*ENTRIES SHOWN*:
*** Begin section ***
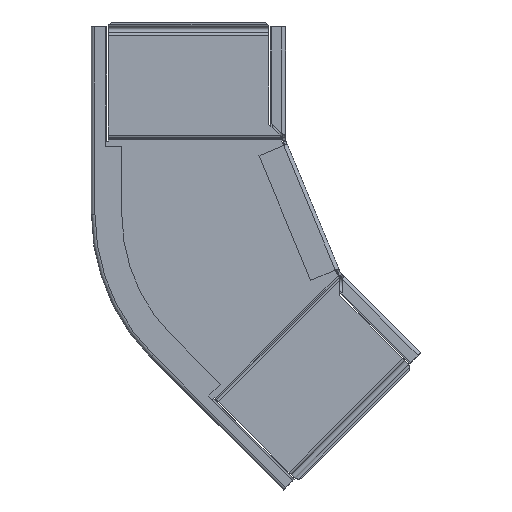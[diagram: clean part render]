
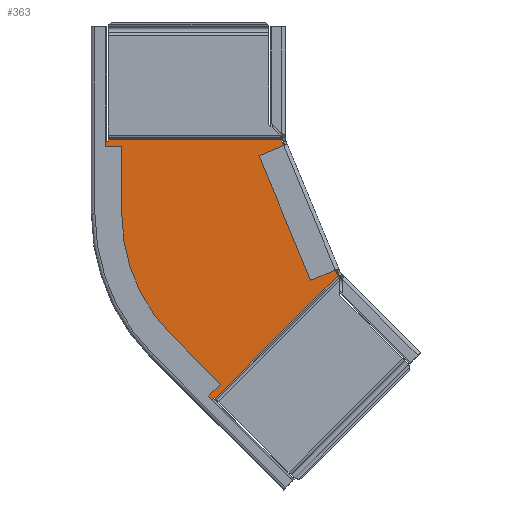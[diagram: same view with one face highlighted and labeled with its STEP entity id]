
A CAD part, front view. The second image highlights one B-rep face of the part: STEP entity #363.
In plain terms, the highlighted planar face has unit normal (0, -1, 0).
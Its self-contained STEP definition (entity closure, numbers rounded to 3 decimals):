
#96 = VECTOR ( 'NONE', #3628, 1000. ) ;
#108 = VECTOR ( 'NONE', #2791, 1000. ) ;
#110 = VERTEX_POINT ( 'NONE', #1749 ) ;
#112 = LINE ( 'NONE', #1132, #4859 ) ;
#160 = CARTESIAN_POINT ( 'NONE',  ( -106.139, -0.75, 32.928 ) ) ;
#187 = DIRECTION ( 'NONE',  ( 0.707, 0., -0.707 ) ) ;
#221 = DIRECTION ( 'NONE',  ( -0.707, 0., 0.707 ) ) ;
#283 = VECTOR ( 'NONE', #2920, 1000. ) ;
#296 = CIRCLE ( 'NONE', #4418, 98.25 ) ;
#363 = ADVANCED_FACE ( 'NONE', ( #4269 ), #2481, .T. ) ;
#368 = CARTESIAN_POINT ( 'NONE',  ( -47.172, -0.75, -93.739 ) ) ;
#603 = CARTESIAN_POINT ( 'NONE',  ( -99.639, -0.75, 85.428 ) ) ;
#608 = CARTESIAN_POINT ( 'NONE',  ( -8.802, -0.75, 21.249 ) ) ;
#703 = ORIENTED_EDGE ( 'NONE', *, *, #2046, .T. ) ;
#785 = EDGE_CURVE ( 'NONE', #1734, #2885, #3274, .T. ) ;
#787 = ORIENTED_EDGE ( 'NONE', *, *, #4480, .F. ) ;
#815 = LINE ( 'NONE', #2201, #3292 ) ;
#857 = CARTESIAN_POINT ( 'NONE',  ( -77.362, -0.75, -72.741 ) ) ;
#892 = VERTEX_POINT ( 'NONE', #3033 ) ;
#897 = VERTEX_POINT ( 'NONE', #368 ) ;
#904 = ORIENTED_EDGE ( 'NONE', *, *, #4436, .F. ) ;
#1028 = CARTESIAN_POINT ( 'NONE',  ( -13.639, -0.75, 32.928 ) ) ;
#1036 = DIRECTION ( 'NONE',  ( -0.707, 0., -0.707 ) ) ;
#1132 = CARTESIAN_POINT ( 'NONE',  ( 18.183, -0.75, -29.339 ) ) ;
#1145 = CARTESIAN_POINT ( 'NONE',  ( -106.139, -0.75, 32.928 ) ) ;
#1482 = CARTESIAN_POINT ( 'NONE',  ( -51.768, -0.75, -98.335 ) ) ;
#1488 = DIRECTION ( 'NONE',  ( -0.707, 0., -0.707 ) ) ;
#1500 = DIRECTION ( 'NONE',  ( 0., 0., -1. ) ) ;
#1506 = VECTOR ( 'NONE', #5511, 1000. ) ;
#1556 = VERTEX_POINT ( 'NONE', #1145 ) ;
#1695 = ORIENTED_EDGE ( 'NONE', *, *, #1783, .F. ) ;
#1730 = CARTESIAN_POINT ( 'NONE',  ( -46.694, -0.75, -94.216 ) ) ;
#1734 = VERTEX_POINT ( 'NONE', #3307 ) ;
#1749 = CARTESIAN_POINT ( 'NONE',  ( 14.117, -0.75, -33.405 ) ) ;
#1763 = VECTOR ( 'NONE', #2565, 1000. ) ;
#1783 = EDGE_CURVE ( 'NONE', #4734, #897, #2420, .T. ) ;
#1795 = CARTESIAN_POINT ( 'NONE',  ( -13.639, -0.75, 33.603 ) ) ;
#1801 = ORIENTED_EDGE ( 'NONE', *, *, #1907, .T. ) ;
#1907 = EDGE_CURVE ( 'NONE', #110, #892, #5220, .T. ) ;
#1940 = CARTESIAN_POINT ( 'NONE',  ( -106.139, -0.75, -3.268 ) ) ;
#1951 = LINE ( 'NONE', #160, #1506 ) ;
#1959 = LINE ( 'NONE', #608, #283 ) ;
#1960 = DIRECTION ( 'NONE',  ( 0., -1., 0. ) ) ;
#1992 = CARTESIAN_POINT ( 'NONE',  ( -7.889, -0.75, -3.268 ) ) ;
#2000 = LINE ( 'NONE', #4119, #108 ) ;
#2046 = EDGE_CURVE ( 'NONE', #2885, #1556, #1951, .T. ) ;
#2177 = VECTOR ( 'NONE', #187, 1000. ) ;
#2201 = CARTESIAN_POINT ( 'NONE',  ( -7.889, -0.75, 33.603 ) ) ;
#2285 = LINE ( 'NONE', #4971, #96 ) ;
#2300 = ORIENTED_EDGE ( 'NONE', *, *, #3695, .F. ) ;
#2305 = ORIENTED_EDGE ( 'NONE', *, *, #3564, .F. ) ;
#2381 = VERTEX_POINT ( 'NONE', #1795 ) ;
#2383 = VERTEX_POINT ( 'NONE', #1028 ) ;
#2420 = LINE ( 'NONE', #4704, #5137 ) ;
#2481 = PLANE ( 'NONE',  #4665 ) ;
#2565 = DIRECTION ( 'NONE',  ( -0.707, 0., 0.707 ) ) ;
#2724 = VECTOR ( 'NONE', #1036, 1000. ) ;
#2791 = DIRECTION ( 'NONE',  ( 0., 0., -1. ) ) ;
#2829 = CARTESIAN_POINT ( 'NONE',  ( -77.362, -0.75, -72.741 ) ) ;
#2867 = DIRECTION ( 'NONE',  ( 0., 1., 0. ) ) ;
#2885 = VERTEX_POINT ( 'NONE', #5002 ) ;
#2915 = CARTESIAN_POINT ( 'NONE',  ( -51.768, -0.75, -98.335 ) ) ;
#2920 = DIRECTION ( 'NONE',  ( 0.383, 0., -0.924 ) ) ;
#2980 = VECTOR ( 'NONE', #4647, 1000. ) ;
#3027 = ORIENTED_EDGE ( 'NONE', *, *, #4826, .F. ) ;
#3033 = CARTESIAN_POINT ( 'NONE',  ( 13.639, -0.75, -32.928 ) ) ;
#3064 = ORIENTED_EDGE ( 'NONE', *, *, #5332, .T. ) ;
#3079 = ORIENTED_EDGE ( 'NONE', *, *, #5053, .T. ) ;
#3274 = LINE ( 'NONE', #603, #2980 ) ;
#3292 = VECTOR ( 'NONE', #3514, 1000. ) ;
#3307 = CARTESIAN_POINT ( 'NONE',  ( -99.639, -0.75, 33.603 ) ) ;
#3514 = DIRECTION ( 'NONE',  ( -1., 0., 0. ) ) ;
#3564 = EDGE_CURVE ( 'NONE', #5731, #1556, #2285, .T. ) ;
#3628 = DIRECTION ( 'NONE',  ( 0., 0., 1. ) ) ;
#3634 = CARTESIAN_POINT ( 'NONE',  ( -7.889, -0.75, -3.268 ) ) ;
#3694 = DIRECTION ( 'NONE',  ( 0., 0., -1. ) ) ;
#3695 = EDGE_CURVE ( 'NONE', #2383, #892, #1959, .T. ) ;
#4085 = VERTEX_POINT ( 'NONE', #2915 ) ;
#4119 = CARTESIAN_POINT ( 'NONE',  ( -13.639, -0.75, 32.928 ) ) ;
#4129 = EDGE_CURVE ( 'NONE', #110, #4734, #112, .T. ) ;
#4153 = LINE ( 'NONE', #1482, #2724 ) ;
#4269 = FACE_OUTER_BOUND ( 'NONE', #5417, .T. ) ;
#4418 = AXIS2_PLACEMENT_3D ( 'NONE', #3634, #2867, #1500 ) ;
#4436 = EDGE_CURVE ( 'NONE', #2381, #2383, #2000, .T. ) ;
#4480 = EDGE_CURVE ( 'NONE', #897, #4085, #4153, .T. ) ;
#4647 = DIRECTION ( 'NONE',  ( 0., 0., -1. ) ) ;
#4665 = AXIS2_PLACEMENT_3D ( 'NONE', #1992, #1960, #3694 ) ;
#4704 = CARTESIAN_POINT ( 'NONE',  ( -10.049, -0.75, -130.862 ) ) ;
#4734 = VERTEX_POINT ( 'NONE', #1730 ) ;
#4826 = EDGE_CURVE ( 'NONE', #5705, #5731, #296, .T. ) ;
#4859 = VECTOR ( 'NONE', #1488, 1000. ) ;
#4971 = CARTESIAN_POINT ( 'NONE',  ( -106.139, -0.75, -3.268 ) ) ;
#5002 = CARTESIAN_POINT ( 'NONE',  ( -99.639, -0.75, 32.928 ) ) ;
#5053 = EDGE_CURVE ( 'NONE', #2381, #1734, #815, .T. ) ;
#5078 = LINE ( 'NONE', #2829, #2177 ) ;
#5137 = VECTOR ( 'NONE', #221, 1000. ) ;
#5165 = CARTESIAN_POINT ( 'NONE',  ( 13.639, -0.75, -32.928 ) ) ;
#5220 = LINE ( 'NONE', #5165, #1763 ) ;
#5304 = ORIENTED_EDGE ( 'NONE', *, *, #4129, .F. ) ;
#5332 = EDGE_CURVE ( 'NONE', #5705, #4085, #5078, .T. ) ;
#5392 = ORIENTED_EDGE ( 'NONE', *, *, #785, .T. ) ;
#5417 = EDGE_LOOP ( 'NONE', ( #904, #3079, #5392, #703, #2305, #3027, #3064, #787, #1695, #5304, #1801, #2300 ) ) ;
#5511 = DIRECTION ( 'NONE',  ( -1., 0., 0. ) ) ;
#5705 = VERTEX_POINT ( 'NONE', #857 ) ;
#5731 = VERTEX_POINT ( 'NONE', #1940 ) ;
*** End section ***
*DIRECTIONS*:
Copy every line of the material above in which the string "VECTOR" can be found.

*RESULT FOR THIS EXERCISE*:
#96 = VECTOR ( 'NONE', #3628, 1000. ) ;
#108 = VECTOR ( 'NONE', #2791, 1000. ) ;
#283 = VECTOR ( 'NONE', #2920, 1000. ) ;
#1506 = VECTOR ( 'NONE', #5511, 1000. ) ;
#1763 = VECTOR ( 'NONE', #2565, 1000. ) ;
#2177 = VECTOR ( 'NONE', #187, 1000. ) ;
#2724 = VECTOR ( 'NONE', #1036, 1000. ) ;
#2980 = VECTOR ( 'NONE', #4647, 1000. ) ;
#3292 = VECTOR ( 'NONE', #3514, 1000. ) ;
#4859 = VECTOR ( 'NONE', #1488, 1000. ) ;
#5137 = VECTOR ( 'NONE', #221, 1000. ) ;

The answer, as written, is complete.